Military airport in Novgorod Oblast, Russia

Soltsy-2 (Note: also spelled Sol'tsy, Soltsy, Solcy, Solcy 2) (Сольцы; ICAO: XLLL) is an air base in Novgorod Oblast, Russia located 2 km north of Soltsy and 72 km southwest of Novgorod. It contains large aircraft revetments, with a separate compound of 9 hardened areas about 1 mile from the airfield.

The base is home to the 40th Composite Aviation Regiment which flies the Tu-22M as part of the 22nd Guards Heavy Bomber Aviation Division.

In 1992, the headquarters of the 326th Heavy Bomber Aviation Division (326 TBAD) arrived from Tartu Raadi Airfield in newly independent Estonia. In 1998 the division headquarters was moved to Ukrainka in the Far East.

The 840th Heavy Bomber Aviation Regiment (840 TBAP) flew Tupolev Tu-22 aircraft from November 1951 through to 2010. The regiment was disbanded in 2010 following the changes initiated by the Russian military reforms from 2008.

Airfield is properly maintained for occasional training of Russian Aerospace Forces and to service governmental flights in Novgorod region.

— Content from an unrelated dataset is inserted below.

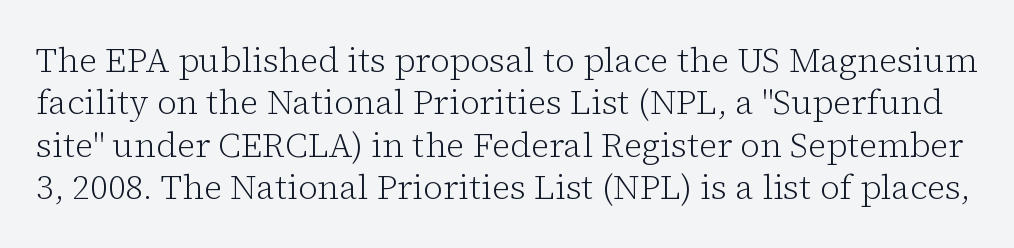
Every stem runs plumb, perpendicular to the baseline. The rendering uses natural spacing where letterforms have individual widths. The cut favours lightness, reaching ordinary text weight at its darkest. Clear beneath every line of the passage. Characters follow at the spacing the type designer built in. The face used here is seriffed, in the tradition of book romans.

Natural Resources Defense Council lists Soltsy-2 as a nuclear weapons facility.

== 2023 drone attack ==
On 19 August 2023 at about 10:00 am local time, the airbase was attacked by drones, which Russia claimed to be launched from Ukraine, 620 km away. A Tupolev Tu-22M long-range bomber, was reported damaged. Satellite pictures taken on 10 August showed Tu-22M3 dispersed in revetments either side of the runway. Pictures taken on 19 August showed all aircraft had been evacuated and the burnt out remains of one Tu-22M3.